== RECORDS TO PROCESS

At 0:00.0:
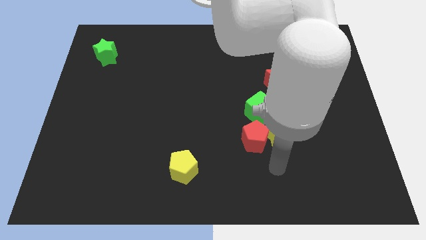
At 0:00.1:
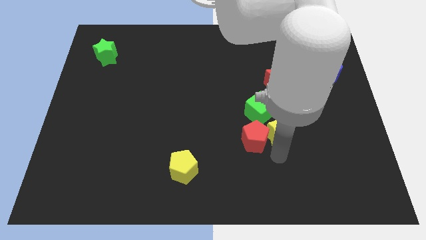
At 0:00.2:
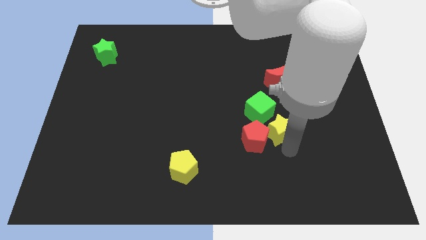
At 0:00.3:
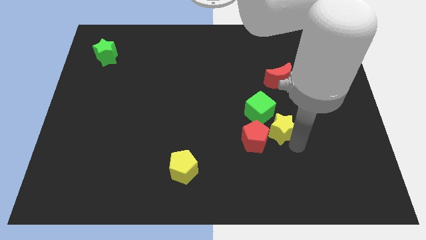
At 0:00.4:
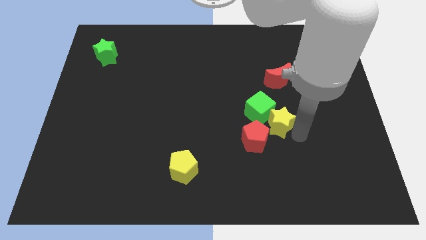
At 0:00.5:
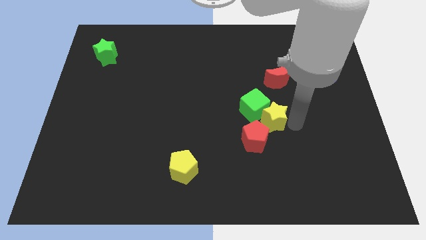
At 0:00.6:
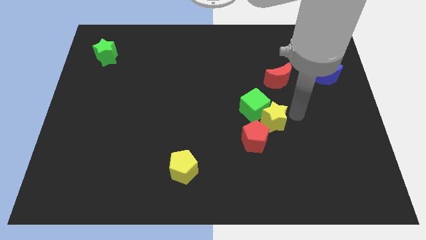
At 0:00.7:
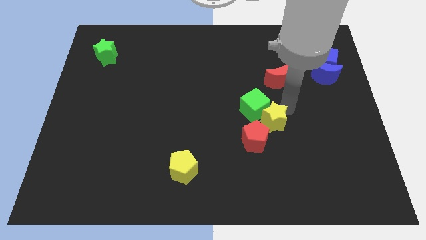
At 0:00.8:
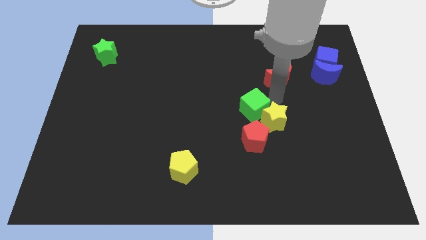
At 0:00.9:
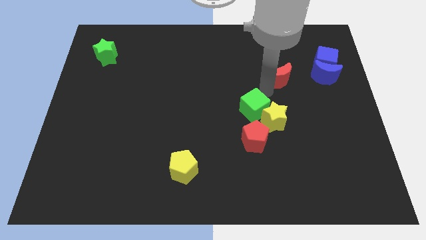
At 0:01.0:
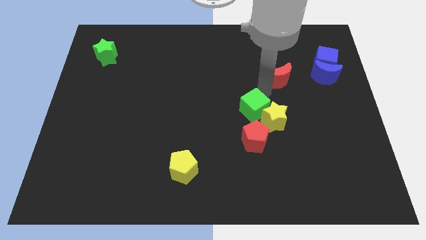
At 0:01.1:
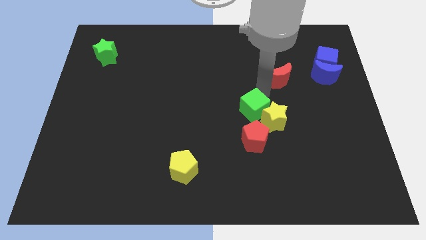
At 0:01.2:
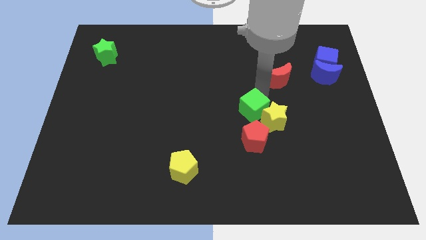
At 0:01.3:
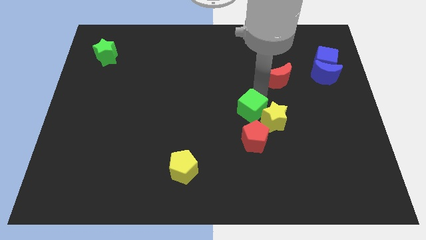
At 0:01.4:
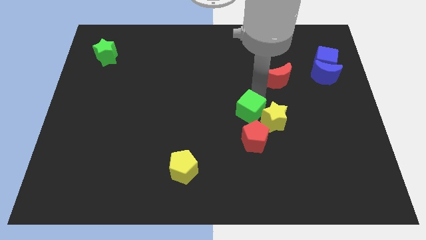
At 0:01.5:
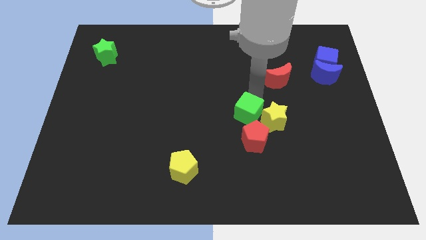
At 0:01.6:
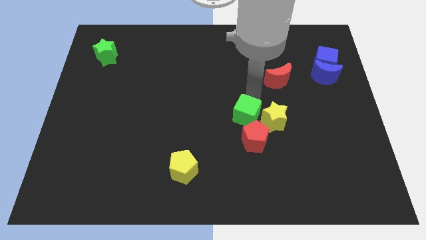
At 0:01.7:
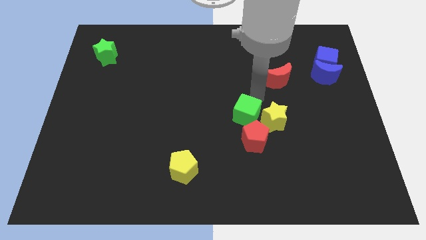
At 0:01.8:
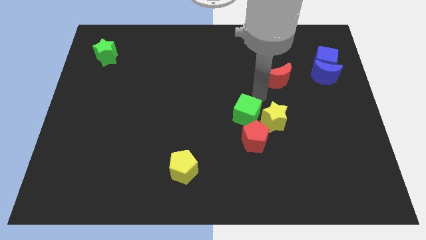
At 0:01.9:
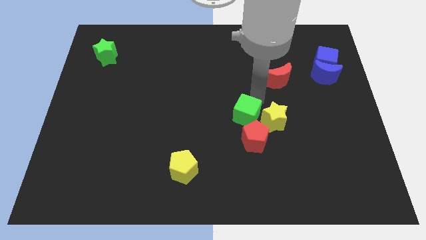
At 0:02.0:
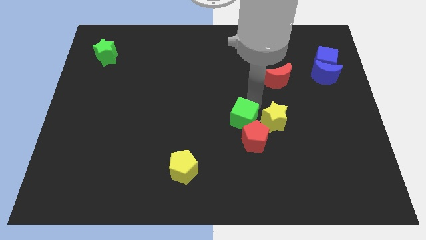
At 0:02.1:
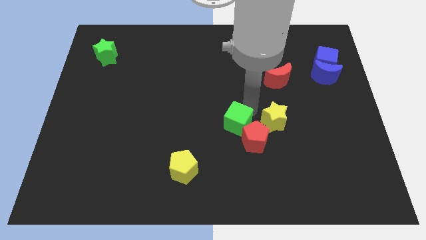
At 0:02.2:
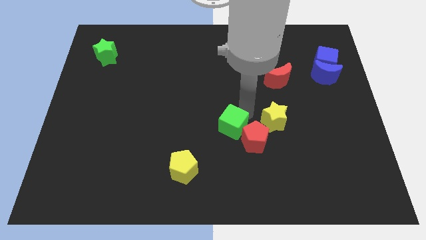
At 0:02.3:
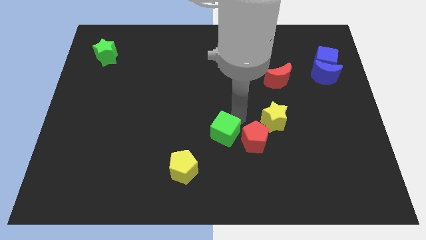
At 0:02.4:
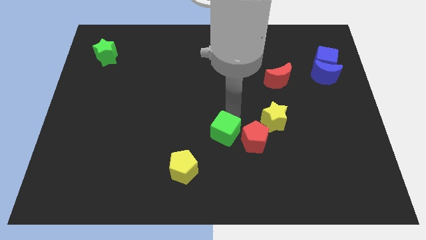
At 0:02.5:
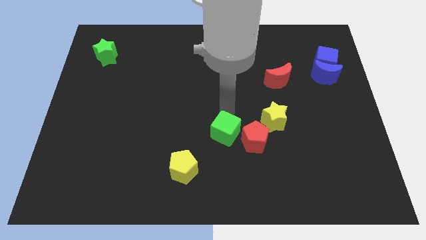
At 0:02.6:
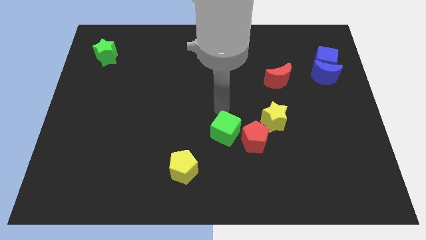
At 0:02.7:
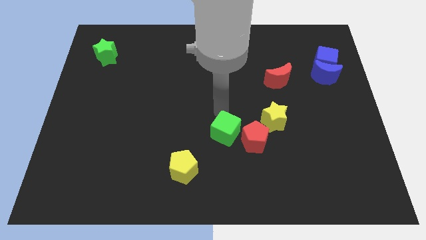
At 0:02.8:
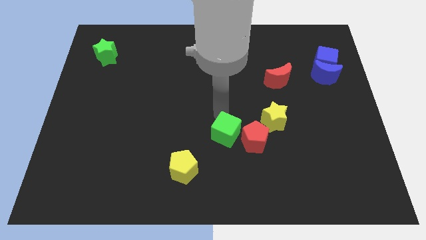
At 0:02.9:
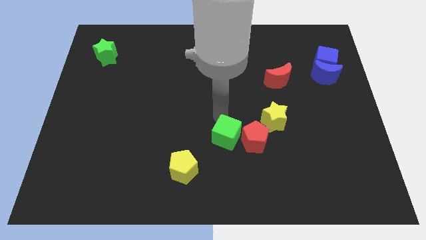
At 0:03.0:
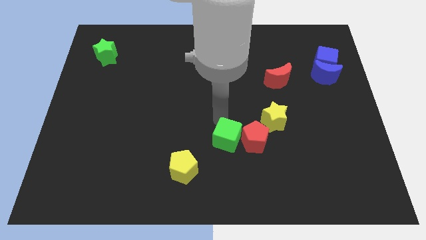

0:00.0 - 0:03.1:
move the green cube to the bottom left of the red pentagon

====

▶ _ACTIVITY_
Return the records above exactly as written, but without any of the pictures.

▶ _FINISHED EXERCISE_
At 0:00.0:
At 0:00.1:
At 0:00.2:
At 0:00.3:
At 0:00.4:
At 0:00.5:
At 0:00.6:
At 0:00.7:
At 0:00.8:
At 0:00.9:
At 0:01.0:
At 0:01.1:
At 0:01.2:
At 0:01.3:
At 0:01.4:
At 0:01.5:
At 0:01.6:
At 0:01.7:
At 0:01.8:
At 0:01.9:
At 0:02.0:
At 0:02.1:
At 0:02.2:
At 0:02.3:
At 0:02.4:
At 0:02.5:
At 0:02.6:
At 0:02.7:
At 0:02.8:
At 0:02.9:
At 0:03.0:

0:00.0 - 0:03.1:
move the green cube to the bottom left of the red pentagon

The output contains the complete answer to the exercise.